AIM OF THE EXERCISE:
Your transcription must include every record word for word and no pictures.

THE RECORDS:
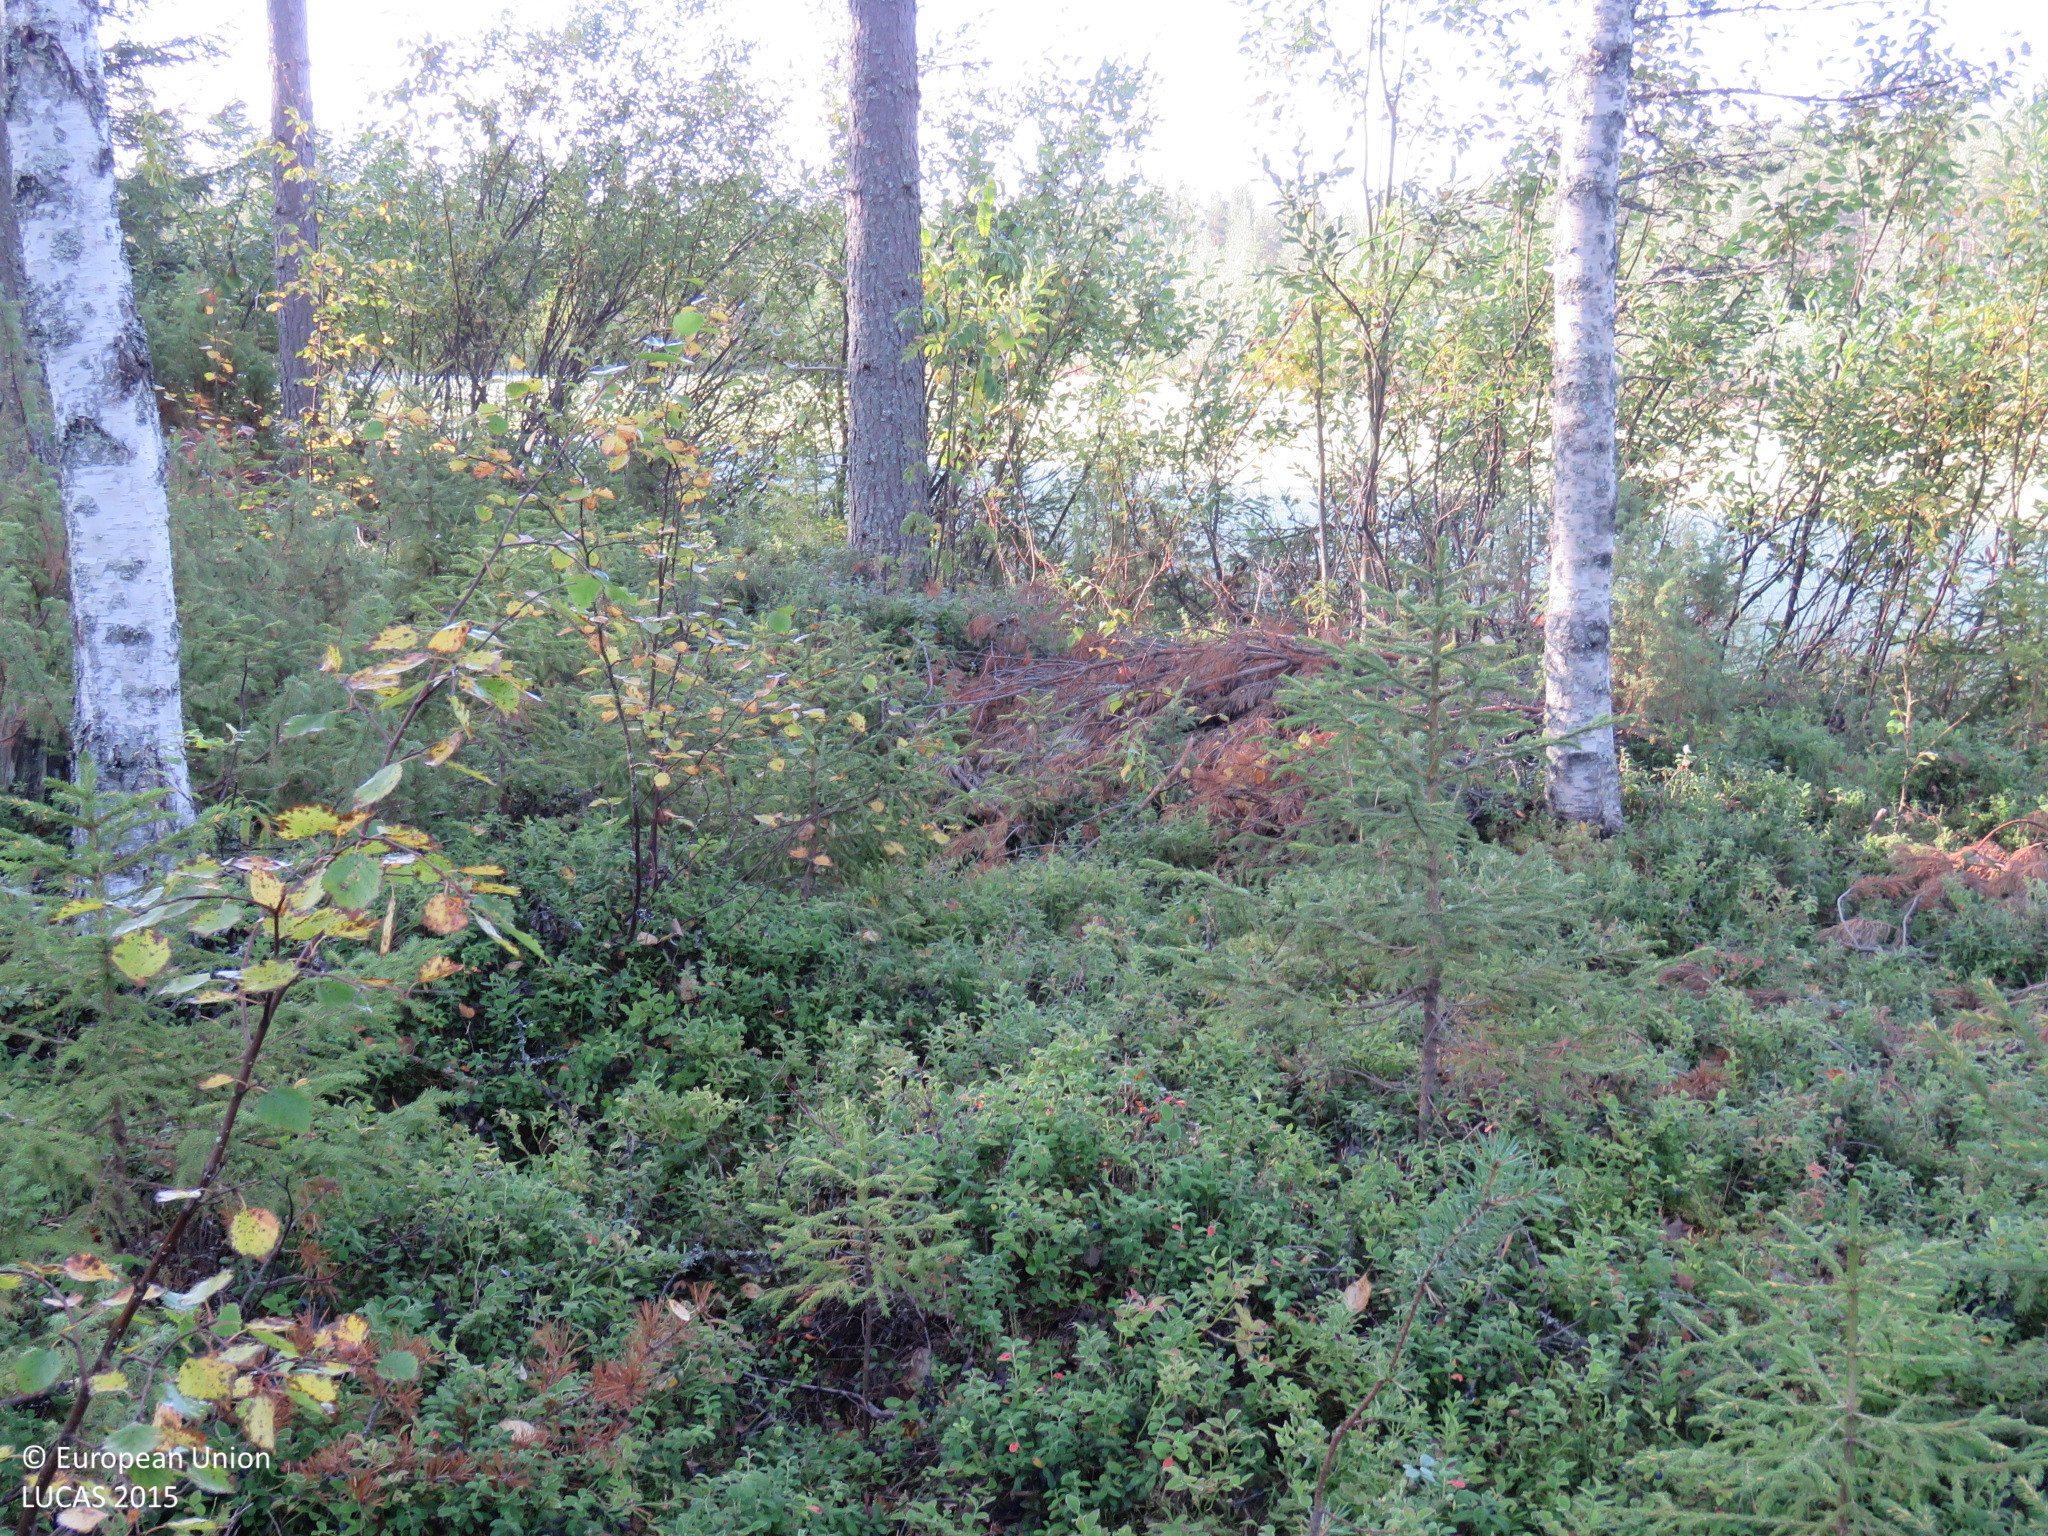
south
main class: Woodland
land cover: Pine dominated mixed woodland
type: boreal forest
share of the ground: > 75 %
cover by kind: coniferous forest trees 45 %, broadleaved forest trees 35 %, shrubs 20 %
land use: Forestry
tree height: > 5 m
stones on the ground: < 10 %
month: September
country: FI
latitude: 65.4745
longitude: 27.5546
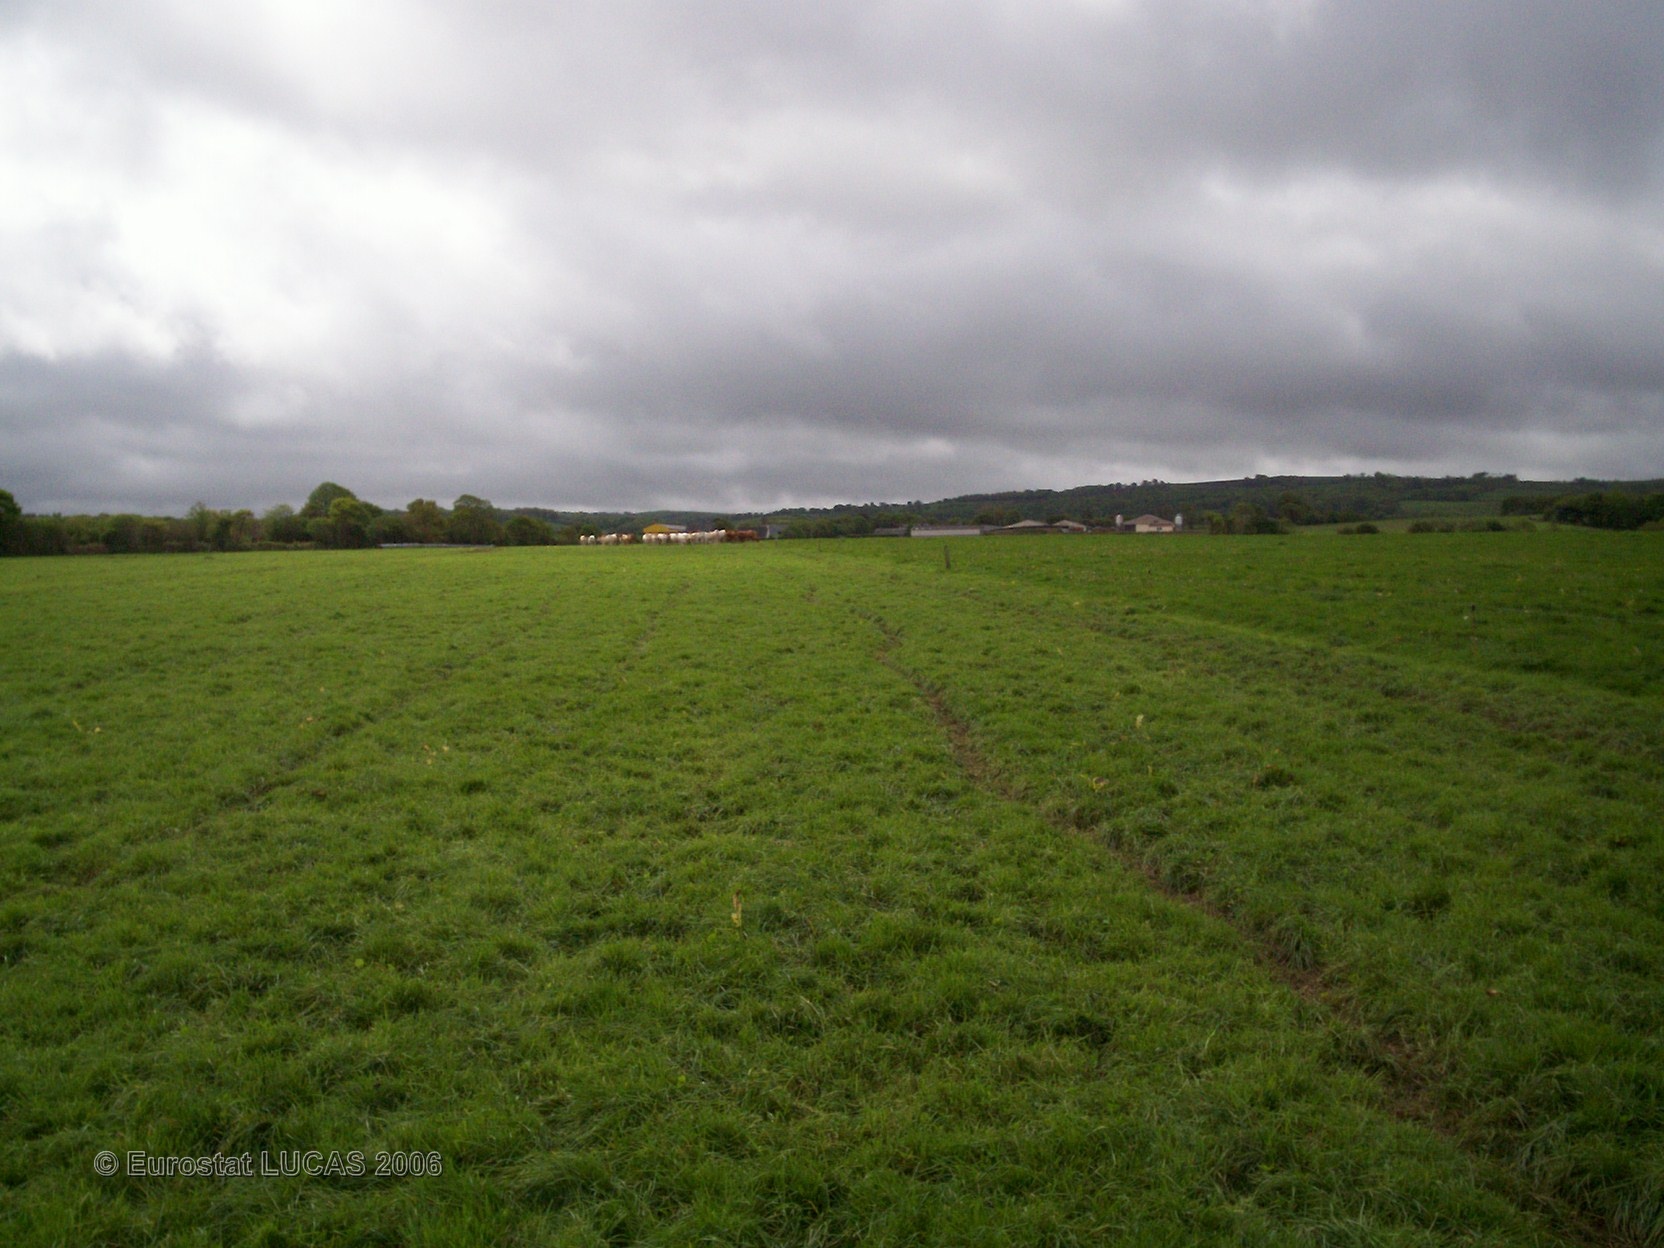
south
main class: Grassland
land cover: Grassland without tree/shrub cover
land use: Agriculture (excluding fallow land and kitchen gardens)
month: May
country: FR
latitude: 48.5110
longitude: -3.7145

WRITTEN RESPONSE:
south
main class: Woodland
land cover: Pine dominated mixed woodland
type: boreal forest
share of the ground: > 75 %
cover by kind: coniferous forest trees 45 %, broadleaved forest trees 35 %, shrubs 20 %
land use: Forestry
tree height: > 5 m
stones on the ground: < 10 %
month: September
country: FI
latitude: 65.4745
longitude: 27.5546
south
main class: Grassland
land cover: Grassland without tree/shrub cover
land use: Agriculture (excluding fallow land and kitchen gardens)
month: May
country: FR
latitude: 48.5110
longitude: -3.7145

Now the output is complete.